# SOURCE DATA
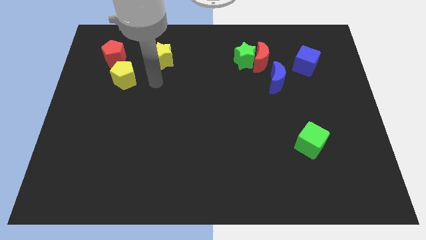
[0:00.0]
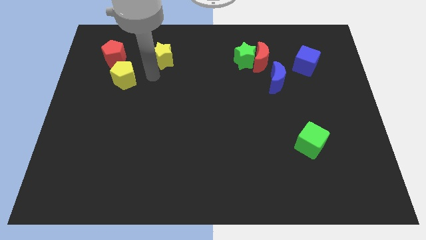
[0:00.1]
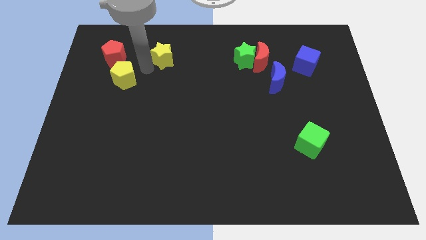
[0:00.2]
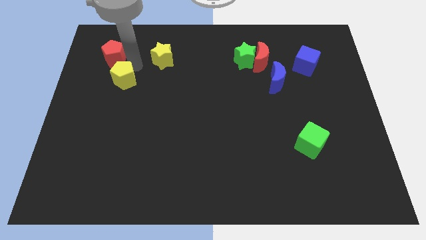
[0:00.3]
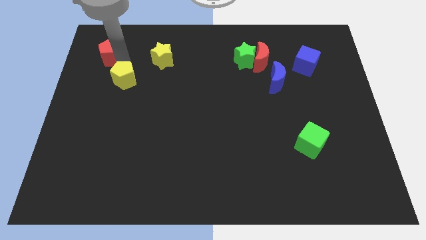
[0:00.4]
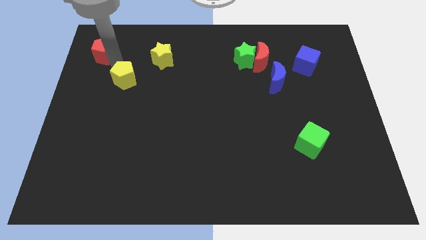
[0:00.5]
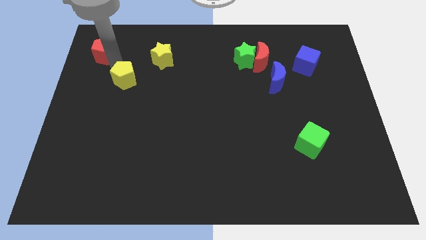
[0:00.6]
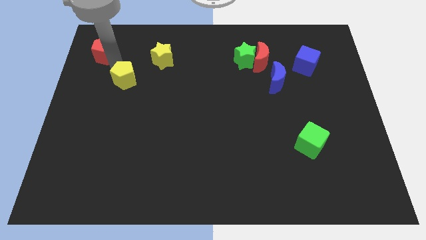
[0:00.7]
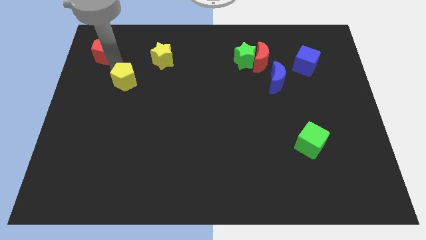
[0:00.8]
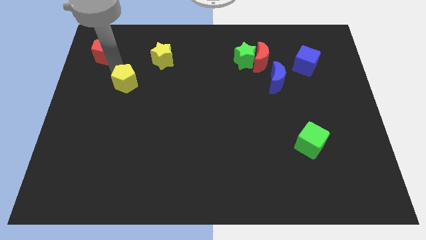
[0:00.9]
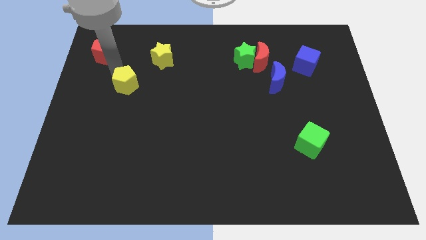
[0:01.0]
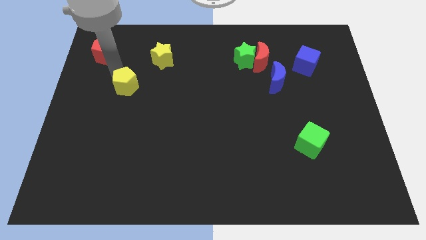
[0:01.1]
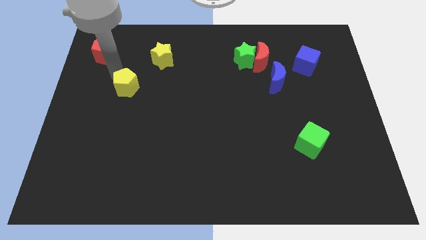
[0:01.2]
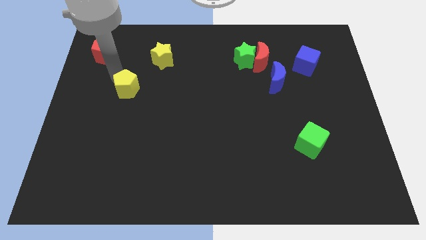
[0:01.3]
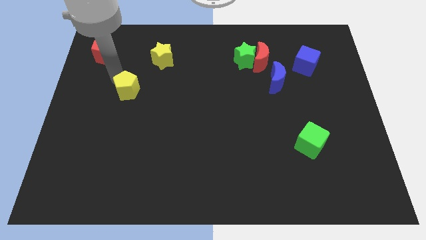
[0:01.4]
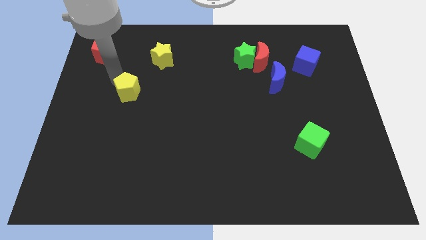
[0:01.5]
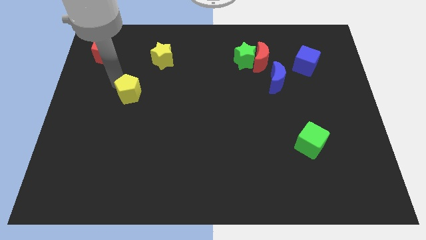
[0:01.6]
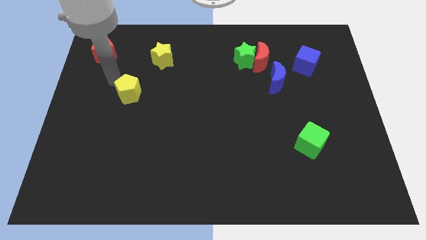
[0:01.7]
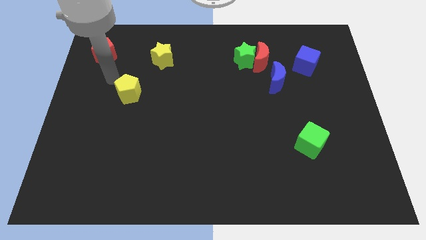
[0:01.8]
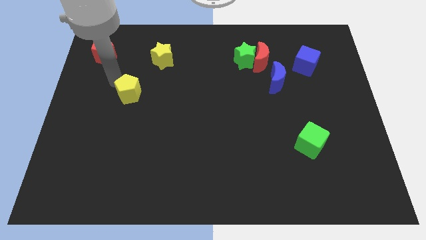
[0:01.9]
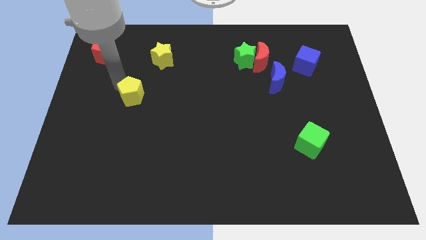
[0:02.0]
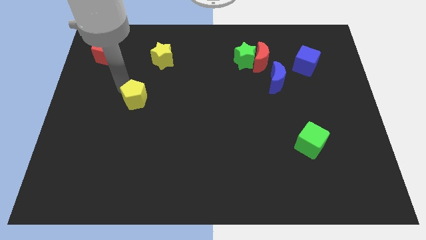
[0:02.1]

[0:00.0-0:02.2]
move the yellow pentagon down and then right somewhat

# YOUR OBJECTIVE
Each entry is to be returned precisely as it appears, but the pictures are to be dropped.

# RESPONSE BELOW
[0:00.0]
[0:00.1]
[0:00.2]
[0:00.3]
[0:00.4]
[0:00.5]
[0:00.6]
[0:00.7]
[0:00.8]
[0:00.9]
[0:01.0]
[0:01.1]
[0:01.2]
[0:01.3]
[0:01.4]
[0:01.5]
[0:01.6]
[0:01.7]
[0:01.8]
[0:01.9]
[0:02.0]
[0:02.1]

[0:00.0-0:02.2]
move the yellow pentagon down and then right somewhat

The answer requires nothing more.